* What the task asks
The entries are to be reproduced verbatim, with all pictures omitted.

'''

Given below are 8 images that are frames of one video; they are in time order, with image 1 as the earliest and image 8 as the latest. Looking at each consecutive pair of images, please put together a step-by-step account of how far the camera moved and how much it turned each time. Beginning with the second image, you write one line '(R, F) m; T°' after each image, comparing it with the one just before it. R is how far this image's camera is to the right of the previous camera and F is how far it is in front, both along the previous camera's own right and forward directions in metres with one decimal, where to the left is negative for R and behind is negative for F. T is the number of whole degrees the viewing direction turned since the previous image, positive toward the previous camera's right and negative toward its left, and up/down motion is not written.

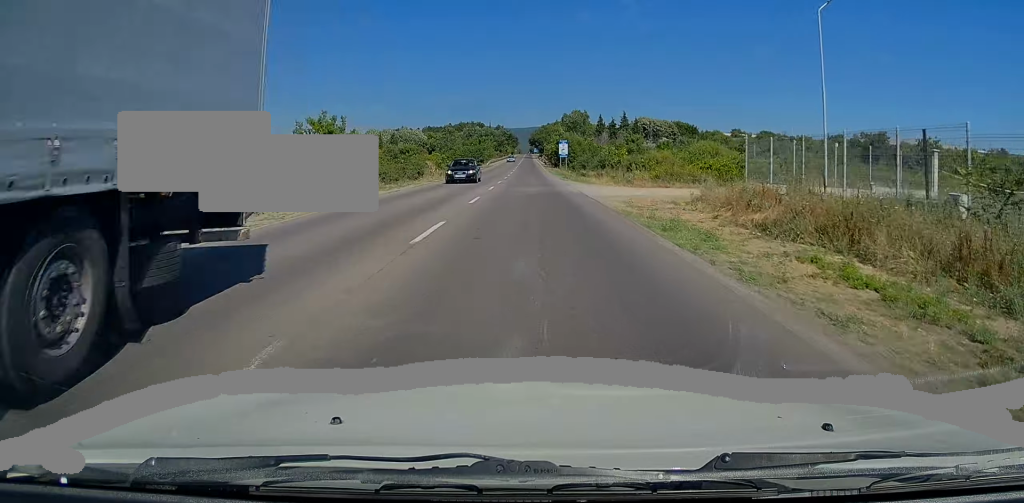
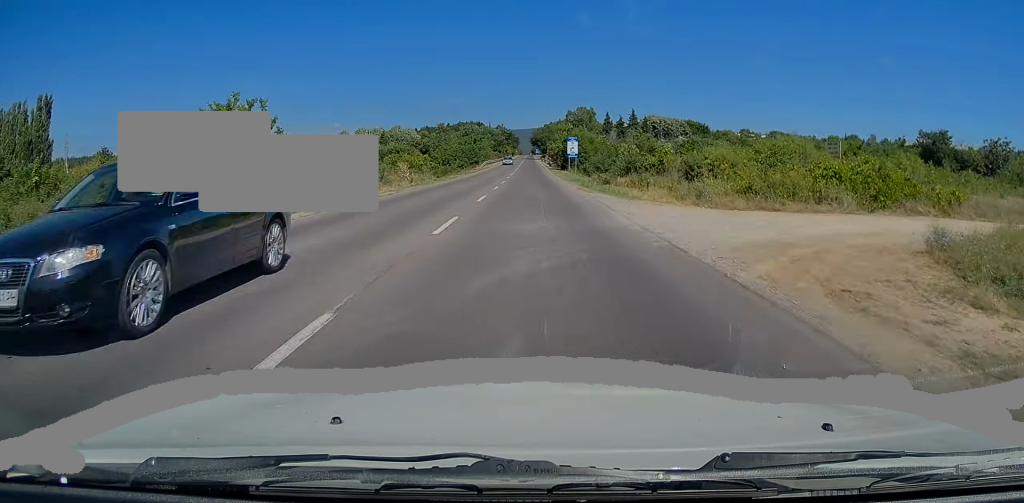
(+0.2, +16.5) m; 0°
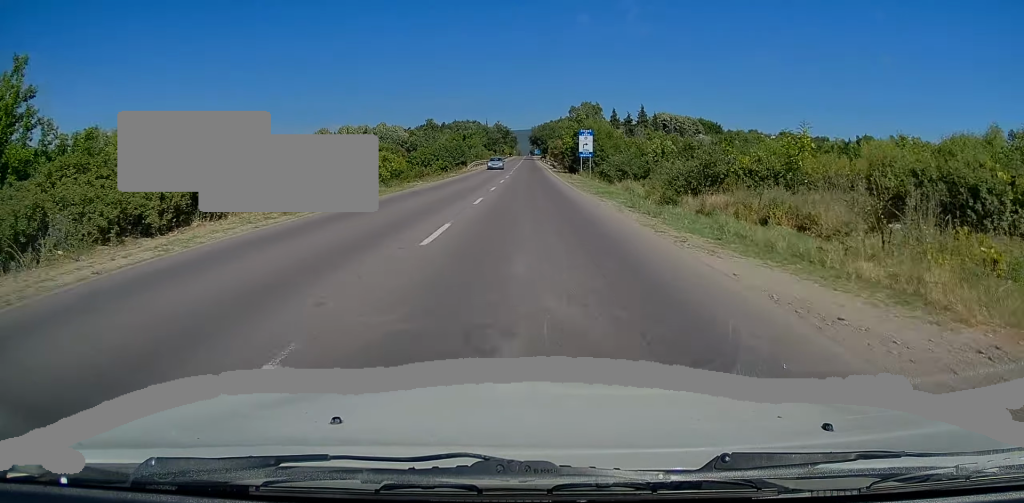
(-0.1, +19.4) m; 0°
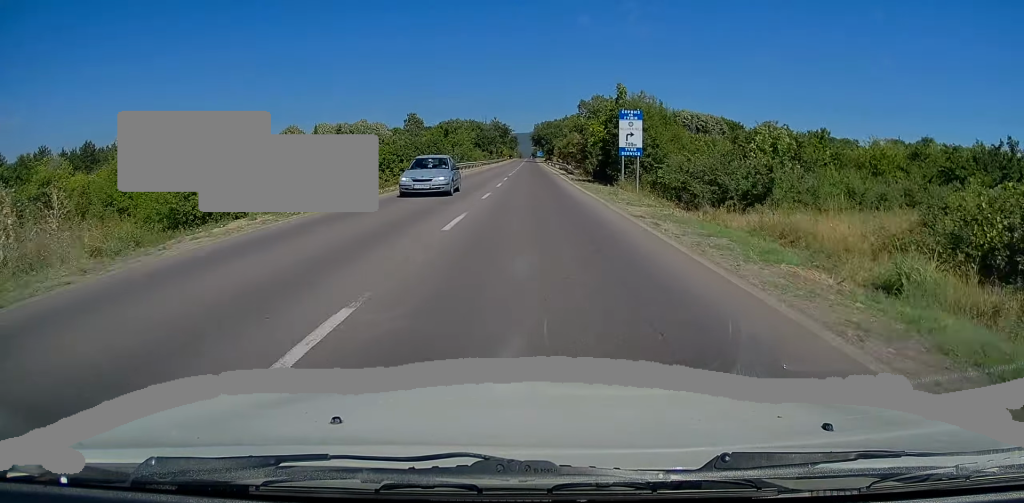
(+0.1, +25.3) m; 0°
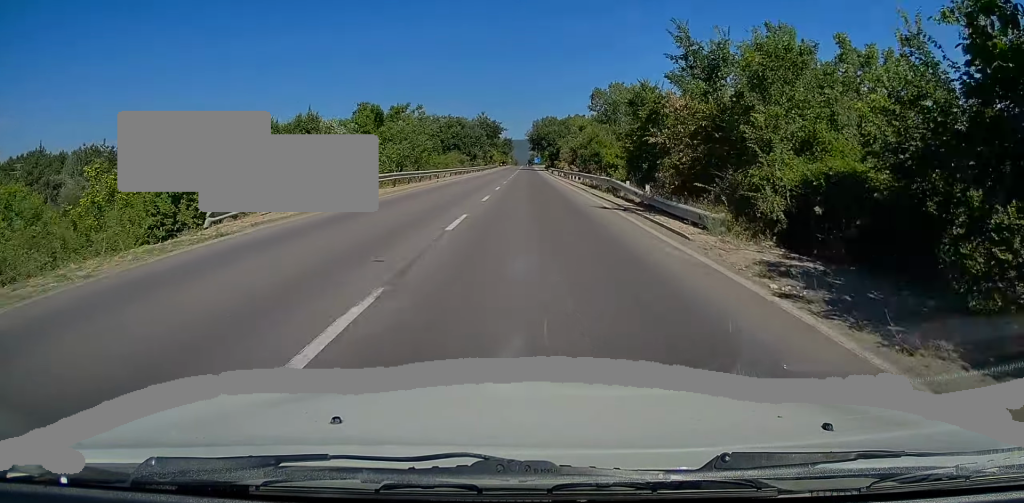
(-0.1, +35.8) m; 0°
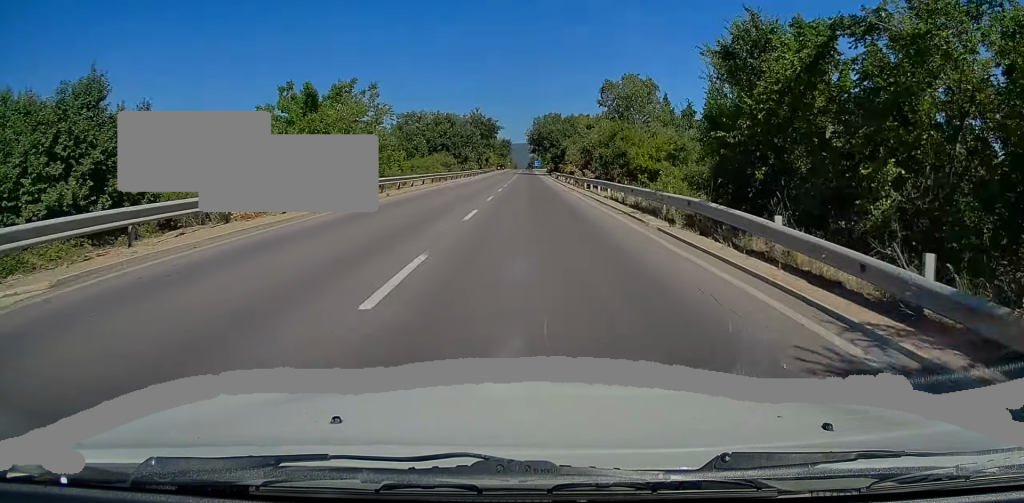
(+0.3, +14.9) m; 0°
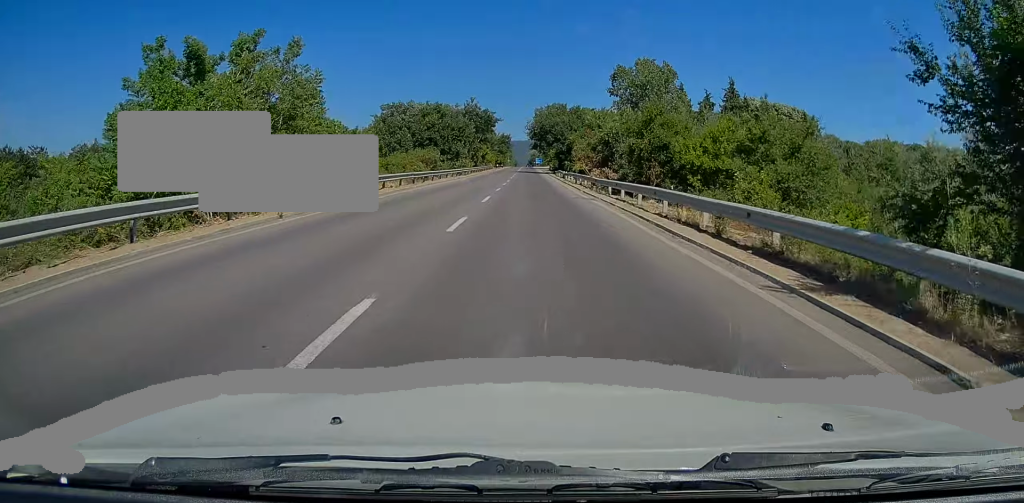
(-0.2, +11.9) m; 0°
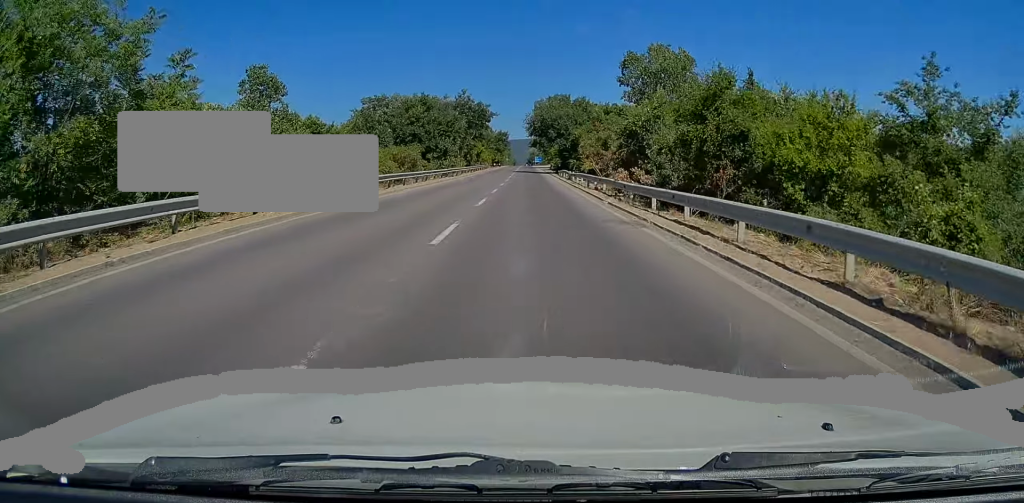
(-0.2, +10.5) m; 0°

'''

* Result for this exercise
Given below are 8 images that are frames of one video; they are in time order, with image 1 as the earliest and image 8 as the latest. Looking at each consecutive pair of images, please put together a step-by-step account of how far the camera moved and how much it turned each time. Beginning with the second image, you write one line '(R, F) m; T°' after each image, comparing it with the one just before it. R is how far this image's camera is to the right of the previous camera and F is how far it is in front, both along the previous camera's own right and forward directions in metres with one decimal, where to the left is negative for R and behind is negative for F. T is the number of whole degrees the viewing direction turned since the previous image, positive toward the previous camera's right and negative toward its left, and up/down motion is not written.

(+0.2, +16.5) m; 0°
(-0.1, +19.4) m; 0°
(+0.1, +25.3) m; 0°
(-0.1, +35.8) m; 0°
(+0.3, +14.9) m; 0°
(-0.2, +11.9) m; 0°
(-0.2, +10.5) m; 0°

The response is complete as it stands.